If buffer zones become permanent, they transform temporary conflict lines into enduring boundaries. Peace cannot mean frozen segregation. Any roadmap for IDP return must include gradual dismantling of such divisions, accompanied by community-level confidence-building measures and security guarantees.

Beyond Symbolism: What Would Real Progress Look Like?

If the February 19 programme is to mark more than a moment of managed optimism, it must be followed by measurable outcomes:

  1. A publicly available phased return plan for IDPs, with security and reconstruction benchmarks.
  2. Transparent monitoring mechanisms involving civil society from both hills and valley.
  3. Restoration of safe, regular civilian traffic on National Highways.
  4. Dialogue forums addressing political issues.
  5. Independent review of security arrangements to prevent recurrence of violence.

Without these, relief distribution will remain palliative.

Conclusion: Hope, Caution, and the Politics of Appearance

Chief Minister Yumnam Khemchand’s initiative deserves recognition for attempting to create a shared platform in a deeply divided state. The financial assistance has provided immediate relief to thousands who desperately needed it. The presence of previously resistant legislators signals at least a willingness to engage.

Yet cautious skepticism is not cynicism. It is necessary political realism.

Manipur’s crisis was not born of administrative neglect alone; it emerged from structural contestations over land, identity, governance, and security among others. A single interaction programme, however well staged, cannot undo three years of entrenched displacement and mistrust.

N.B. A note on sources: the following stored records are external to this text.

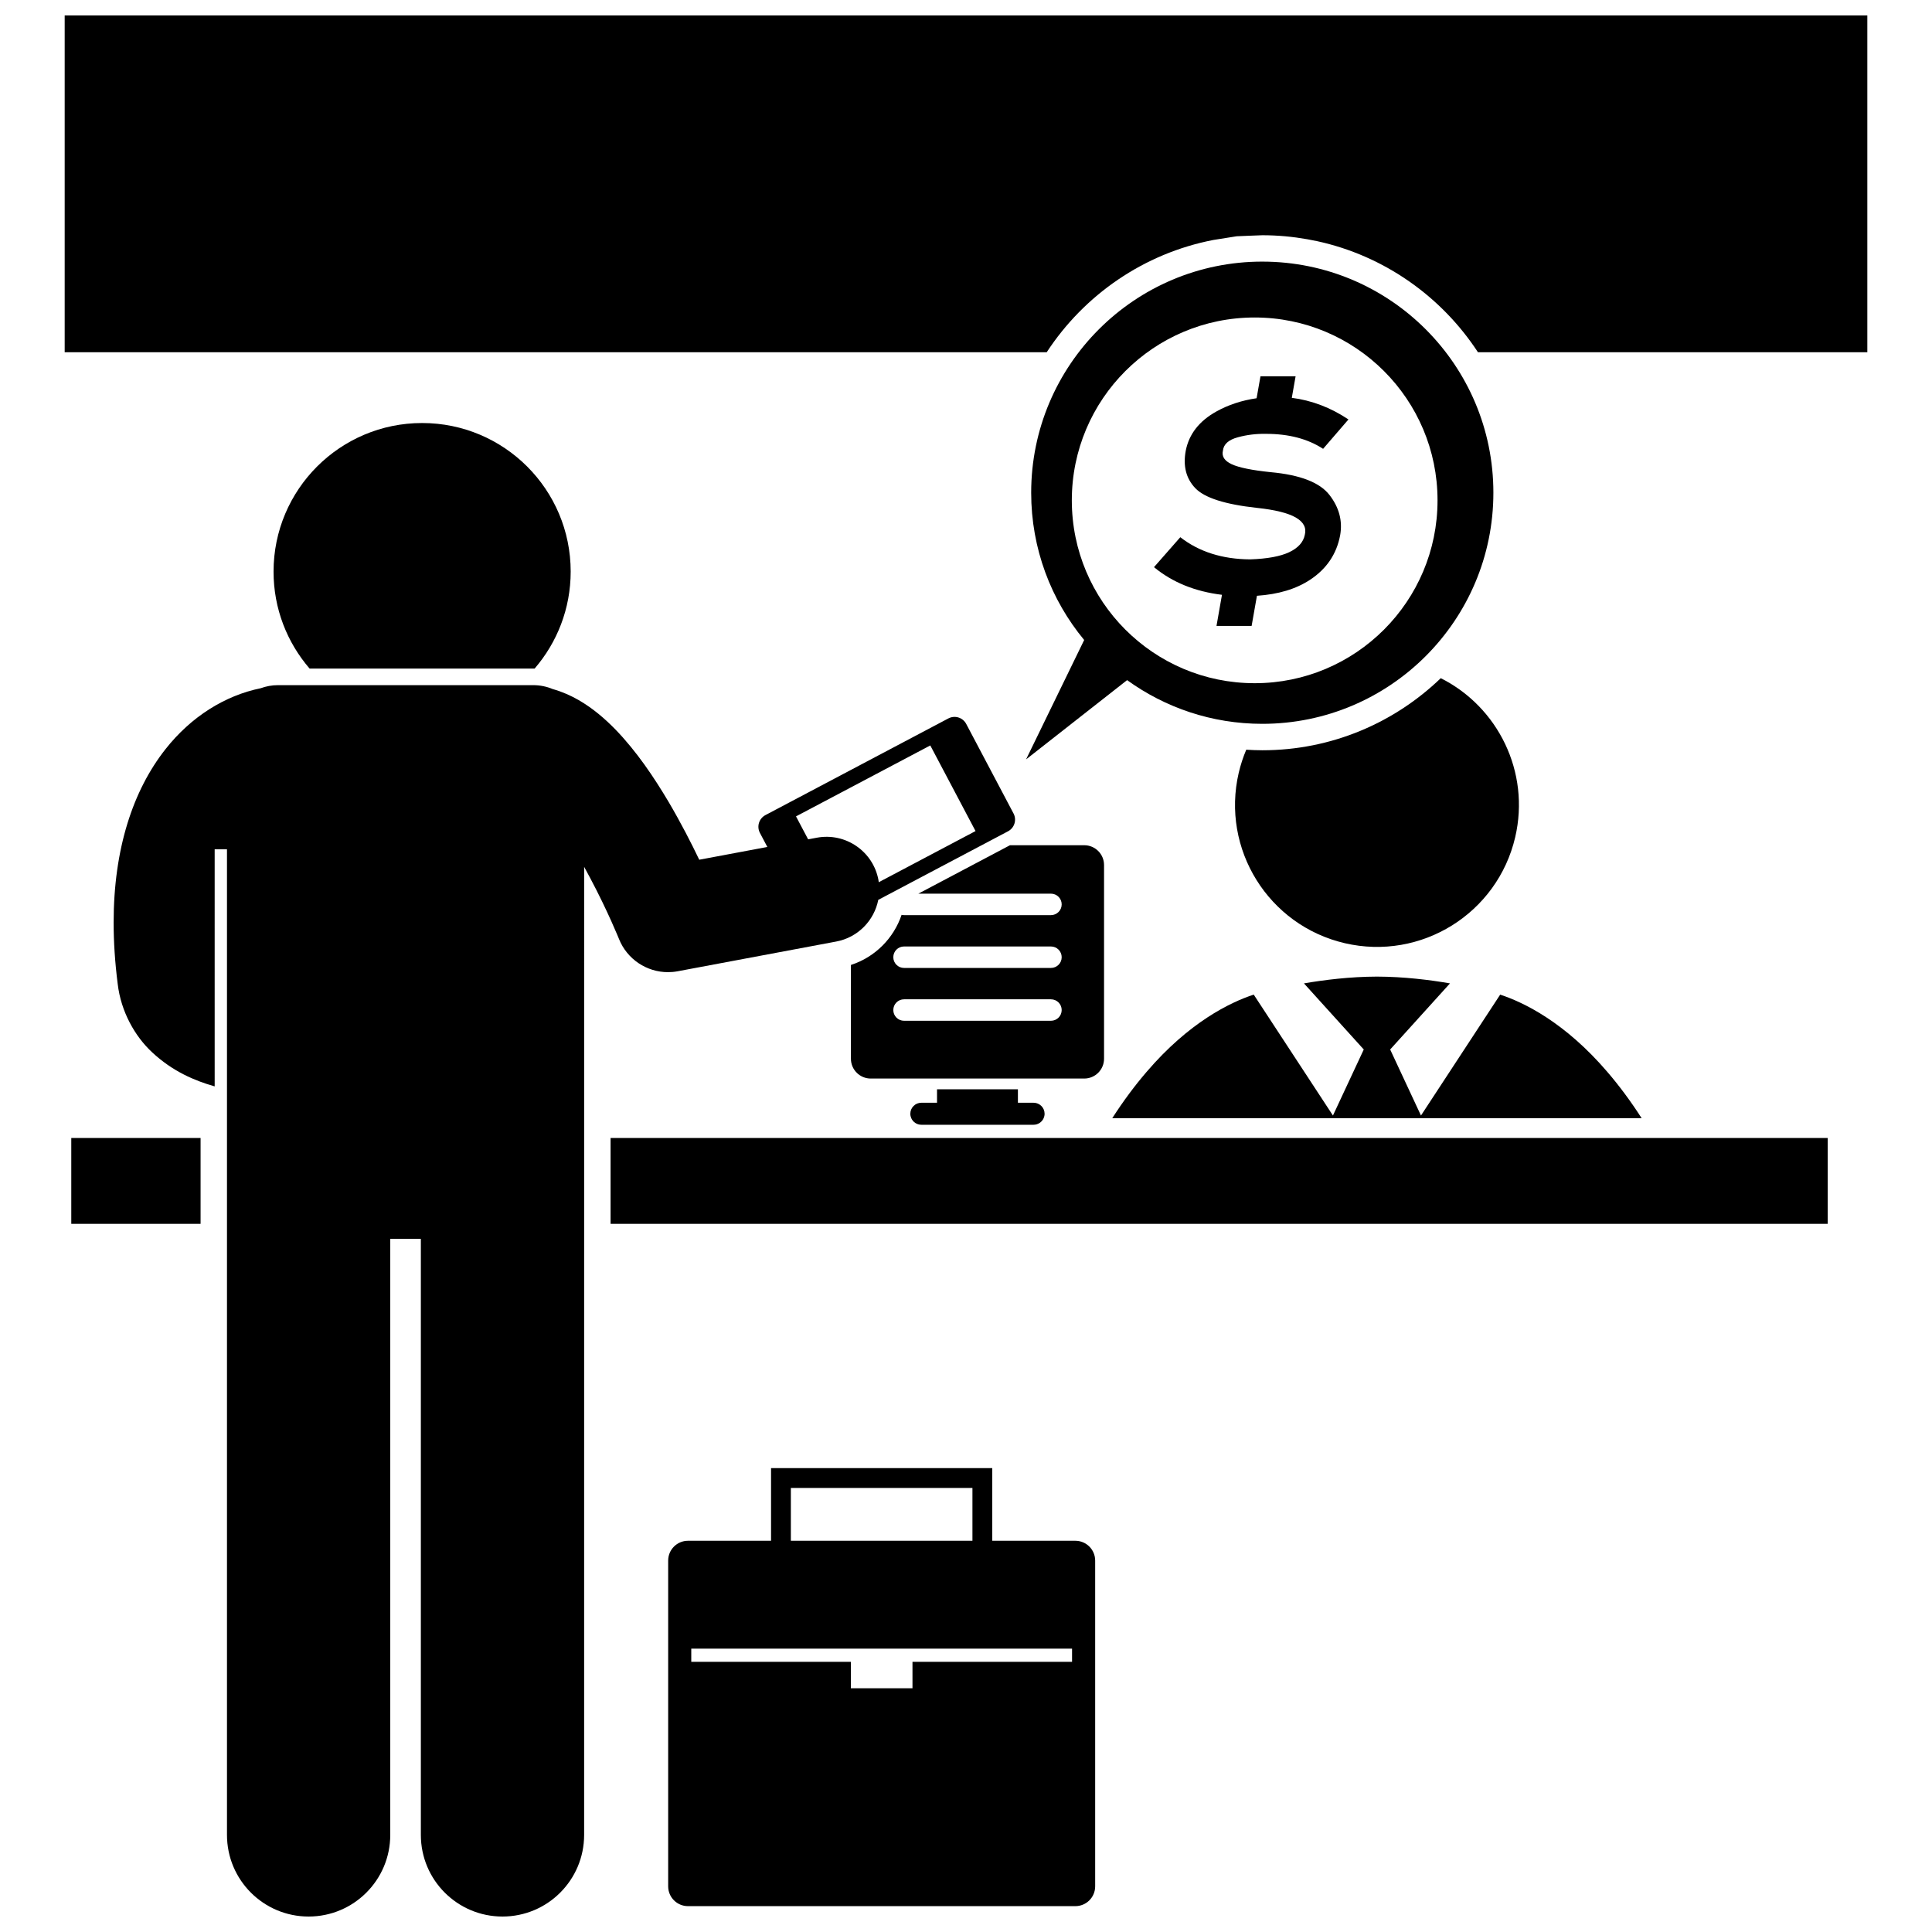 <?xml version="1.0" encoding="UTF-8"?>
<!-- Uploaded to: ICON Repo, www.iconrepo.com, Generator: ICON Repo Mixer Tools -->
<svg width="800px" height="800px" version="1.1" viewBox="144 144 512 512" xmlns="http://www.w3.org/2000/svg">
 <defs>
  <clipPath id="b">
   <path d="m161 148.09h478v89.906h-478z"/>
  </clipPath>
  <clipPath id="a">
   <path d="m174 325h240v326.9h-240z"/>
  </clipPath>
 </defs>
 <path d="m474.27 342.68c-0.82 1.949-1.496 3.984-1.992 6.109-4.711 20.234 7.871 40.457 28.105 45.168 20.234 4.707 40.453-7.871 45.164-28.105 4.019-17.266-4.559-34.512-19.727-42.129-12.277 11.816-28.941 19.105-47.285 19.105-1.438 0-2.856-0.059-4.266-0.148z"/>
 <path d="m579.05 440.33c-2.996-4.66-6.031-8.703-9.047-12.215-11.273-13.195-22.203-18.484-28.438-20.527l-20.992 32.039-8.164-17.5 15.852-17.52c-5.273-0.91-12.141-1.777-19.348-1.797-7.203 0.02-14.078 0.891-19.352 1.797l15.852 17.52-8.168 17.5-20.992-32.043c-6.231 2.035-17.164 7.328-28.441 20.531-3.016 3.512-6.051 7.551-9.047 12.211z"/>
 <path d="m162.89 445.58h34.266v22.75h-34.266z"/>
 <path d="m305.81 445.58h322.55v22.75h-322.55z"/>
 <g clip-path="url(#b)">
  <path d="m493.05 207.91c17.77 3.867 32.969 14.676 42.621 29.434h103.19v-89.246h-477.72v89.246h260.25c9.93-15.188 25.734-26.188 44.168-29.75l6.172-0.98c0.559-0.016 6.246-0.273 6.809-0.273 4.082 0 8.07 0.379 11.957 1.07z"/>
 </g>
 <path d="m387.37 380.83h35.145c1.57 0 2.844 1.273 2.844 2.844 0 1.57-1.273 2.844-2.844 2.844h-38.934c-0.223 0-0.438-0.031-0.648-0.078-2.078 6.164-6.977 11.195-13.426 13.281l-0.004 24.855c0 2.898 2.352 5.25 5.25 5.25h56.582c2.898 0 5.25-2.352 5.25-5.25v-51.332c0-2.898-2.352-5.25-5.25-5.25h-19.68zm35.145 33.684h-38.934c-1.57 0-2.844-1.273-2.844-2.844s1.273-2.844 2.844-2.844h38.934c1.57 0 2.844 1.273 2.844 2.844s-1.273 2.844-2.844 2.844zm0-14h-38.934c-1.57 0-2.844-1.273-2.844-2.844s1.273-2.844 2.844-2.844h38.934c1.57 0 2.844 1.273 2.844 2.844 0 1.574-1.273 2.844-2.844 2.844z"/>
 <path d="m392.32 432.67v3.57h-4.156c-1.613 0-2.918 1.305-2.918 2.918 0 0.414 0.09 0.809 0.246 1.164 0.449 1.027 1.477 1.75 2.672 1.75h29.746c1.195 0 2.223-0.723 2.672-1.75 0.156-0.359 0.246-0.754 0.246-1.164 0-1.613-1.305-2.918-2.918-2.918h-4.152v-3.57z"/>
 <g clip-path="url(#a)">
  <path d="m200.89 369.08h3.262v261.19c0 11.953 9.688 21.633 21.633 21.633 11.949 0 21.637-9.684 21.637-21.633v-157.96h8.109v157.96c0 11.953 9.688 21.633 21.633 21.633 11.949 0 21.637-9.684 21.637-21.633l0.004-256.55c0.543 0.973 1.062 1.938 1.559 2.891 2.348 4.406 4.305 8.543 5.652 11.539 0.672 1.496 1.191 2.707 1.535 3.519 0.172 0.41 0.305 0.723 0.387 0.922 0.082 0.199 0.102 0.25 0.102 0.25 2.156 5.383 7.356 8.793 12.988 8.793 0.855 0 1.719-0.078 2.586-0.242l41.996-7.875c5.789-1.086 10.066-5.598 11.145-11.047l34.379-18.164c1.711-0.902 2.363-3.023 1.461-4.731l-12.535-23.723c-0.902-1.711-3.023-2.363-4.731-1.461l-48.477 25.617c-1.711 0.902-2.363 3.023-1.461 4.731l1.965 3.715-18.047 3.383c-2.121-4.43-4.879-9.82-8.129-15.34-3.91-6.574-8.441-13.332-14.047-19.141-2.828-2.898-5.945-5.598-9.754-7.809-2.043-1.18-4.359-2.223-6.906-2.941-1.598-0.668-3.352-1.035-5.191-1.035h-67.605c-1.617 0-3.164 0.297-4.602 0.82-9.418 1.926-18.414 7.496-25.23 16.16-8.621 10.938-13.738 26.449-13.73 45.957 0 5.117 0.348 10.531 1.078 16.25 0.859 7.352 4.57 13.871 9.082 18.078 5.473 5.125 11.41 7.594 16.617 9.066zm154.06-8.73 35.586-18.801 11.992 22.691-25.648 13.555c-0.031-0.203-0.047-0.406-0.086-0.613-1.422-7.598-8.742-12.605-16.34-11.18l-2.289 0.43z"/>
 </g>
 <path d="m226.05 321.18h59.629c5.949-6.898 9.559-15.875 9.559-25.703 0-21.746-17.625-39.371-39.371-39.371-21.746 0-39.371 17.625-39.371 39.371-0.004 9.828 3.602 18.805 9.555 25.703z"/>
 <path d="m434.23 557.57c0-2.898-2.352-5.25-5.25-5.25h-22.023v-19.25h-58.621v19.25h-22.016c-2.898 0-5.25 2.352-5.25 5.25v86.328c0 2.898 2.352 5.25 5.25 5.25h102.66c2.898 0 5.25-2.352 5.25-5.25zm-80.645-19.25h48.121v14h-48.121zm-26.391 42.582h100.91v3.5h-42.289v7h-16.332v-7h-42.289z"/>
 <path d="m478.52 213.33c-33.824 0-61.246 27.426-61.246 61.246 0 14.832 5.273 28.434 14.043 39.031l-15.395 31.637 26.773-21.004c10.074 7.281 22.441 11.582 35.82 11.582 33.828 0 61.246-27.426 61.246-61.25 0.008-33.816-27.414-61.242-61.242-61.242zm46.441 63.266c0 26.766-21.695 48.461-48.457 48.461-26.766 0-48.461-21.695-48.461-48.461 0-26.762 21.695-48.457 48.461-48.457 26.762 0 48.457 21.699 48.457 48.457z"/>
 <path d="m472.02 259.89c2.43-0.664 4.938-0.969 7.523-0.914 6.004 0 11.031 1.324 15.094 3.969l6.715-7.785c-4.723-3.156-9.73-5.055-15.012-5.731l1.008-5.711h-9.309l-1.027 5.82c-3.918 0.57-7.484 1.734-10.691 3.527-4.516 2.519-7.207 5.965-8.078 10.34-0.77 4.066 0.07 7.387 2.516 9.957 2.445 2.566 7.887 4.309 16.324 5.227 4.793 0.508 8.227 1.359 10.309 2.555 2.078 1.195 2.875 2.734 2.391 4.613-0.395 1.934-1.766 3.461-4.125 4.578-2.363 1.121-5.816 1.754-10.371 1.906-7.367-0.051-13.531-2.008-18.496-5.875l-6.969 7.938c4.883 4.035 10.898 6.461 18.012 7.328l-1.449 8.238h9.309l1.406-7.981c5.652-0.379 10.344-1.781 14.059-4.227 4.402-2.898 7.066-6.844 7.996-11.824 0.672-3.816-0.277-7.375-2.848-10.684-2.574-3.305-7.762-5.312-15.57-6.023-4.945-0.508-8.383-1.211-10.312-2.098-1.93-0.891-2.707-2.098-2.336-3.621 0.188-1.695 1.5-2.863 3.934-3.523z"/>
</svg>

The true measure of success will not be the quantum of funds transferred, nor the images of leaders addressing camps. It will be whether families can return to their homes without fear; whether children can attend school without crossing invisible frontlines; whether Meiteis can traverse National Highways without anxiety; whether Kuki-Zomi citizens besides Thadous can move through the valley without insecurity; whether buffer zones can be dismantled rather than normalized.

Peace in Manipur cannot be performed. It must be built – institution by institution, road by road, home by home.

Although Manipur Chief Minister Yumnam Khemchand government’s strategy marries welfare to trust-building and political engagement, the state remains at a crossroads – suspended between relief and resolution, between optics and transformation.